• _Dataset entries_:
========================================

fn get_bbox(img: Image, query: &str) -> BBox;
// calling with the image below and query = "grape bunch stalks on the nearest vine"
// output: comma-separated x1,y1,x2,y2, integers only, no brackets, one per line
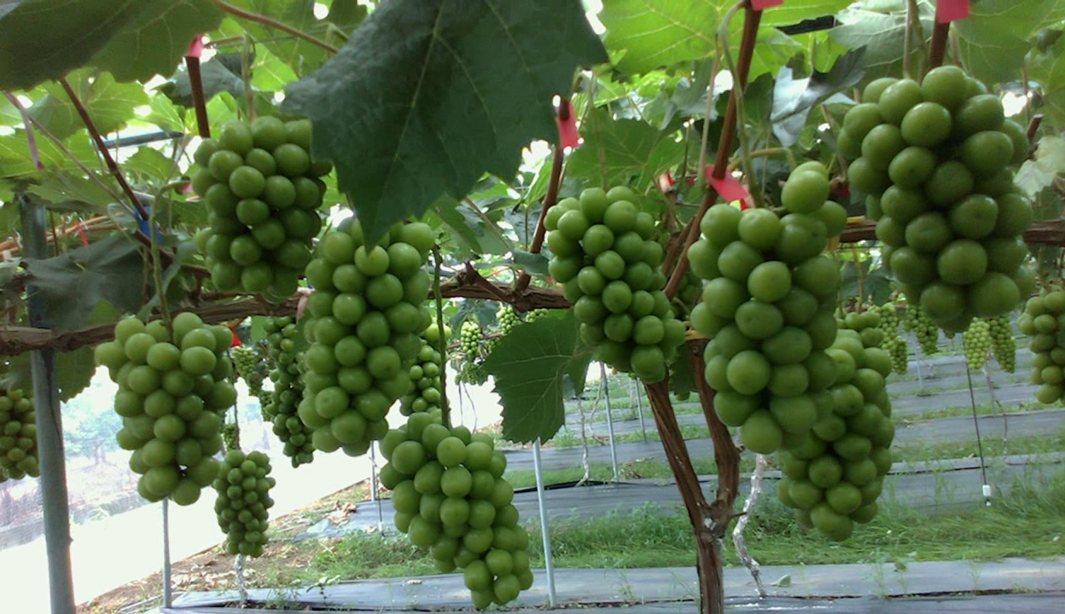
910,0,930,83
205,34,255,121
574,73,608,193
151,181,189,342
431,245,451,427
718,0,763,206
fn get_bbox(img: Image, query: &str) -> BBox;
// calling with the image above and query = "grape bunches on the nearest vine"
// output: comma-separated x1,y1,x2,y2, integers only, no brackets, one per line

========================================

• _What needs to be done_:
When you copy the data, keep every line exact and drop the pictures.

• _Written answer_:
fn get_bbox(img: Image, query: &str) -> BBox;
// calling with the image below and query = "grape bunch stalks on the nearest vine"
// output: comma-separated x1,y1,x2,y2, integers only, no brackets, one per line
910,0,930,83
205,34,255,121
574,73,608,193
151,181,189,342
431,245,451,427
718,0,763,206
fn get_bbox(img: Image, query: &str) -> BBox;
// calling with the image above and query = "grape bunches on the nearest vine"
// output: comma-separated x1,y1,x2,y2, integers only, no brackets, one per line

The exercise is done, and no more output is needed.